With that, it is a simple matter to modify the previous example:

```# map (find_fixpoint riffle) % map (iota % even) \$ iota 20 ;;
- : int list =
[1; 2; 4; 3; 6; 10; 12; 4; 8; 18; 6; 11; 20; 18; 28; 5; 10; 12; 36; 12]
```

Now, the standard reference for integer sequences is the eponymous Encyclopedia. I must transform a little the output so that looking it up is feasible:

```let oeis l = String.concat "," % map string_of_int \$ l ;;
```

Without it, the following line would have been longer and unwieldy:

```# oeis % map (find_fixpoint riffle) % map (iota % even) \$ iota 20 ;;
- : string = "1,2,4,3,6,10,12,4,8,18,6,11,20,18,28,5,10,12,36,12"
```

The sequence is indeed in the database, and the comments are interesting in their own right (as is to be expected of a Number Theoretic sequence).
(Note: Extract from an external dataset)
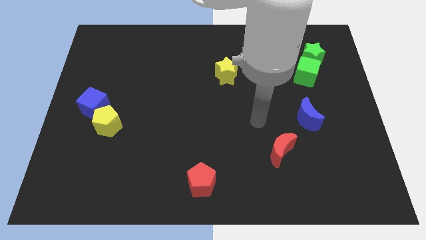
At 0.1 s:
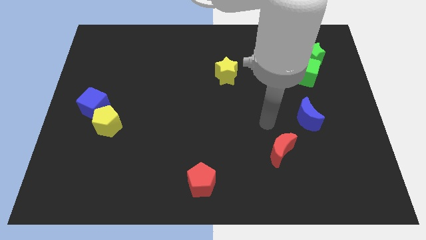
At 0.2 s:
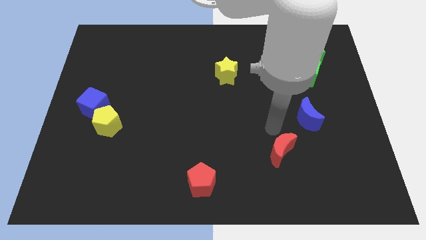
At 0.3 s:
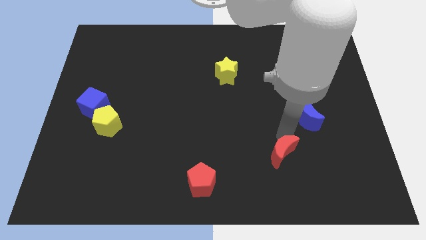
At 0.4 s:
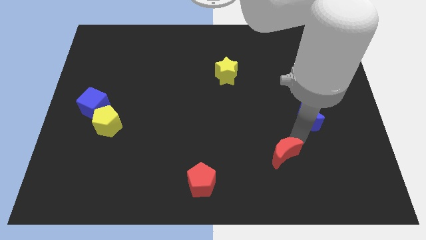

In closing, let me suggest that you might find it useful to add the one-line combinators to your .ocamlinit file. It makes using the OCaml interpreter a little bit more like what the point-free-wizards do in Haskell.

Anonymous said...

Nice post.
As a general comment for many of your posts, I would appreciate if you added a line in the beginning to give a summary of hat will be discussed.
I find myself often discarding your posts in my aggregator, but a line describing the contents could catch my attention.

Unknown said...

François,

Thank you for taking the time to write. I'll take your suggestion into account.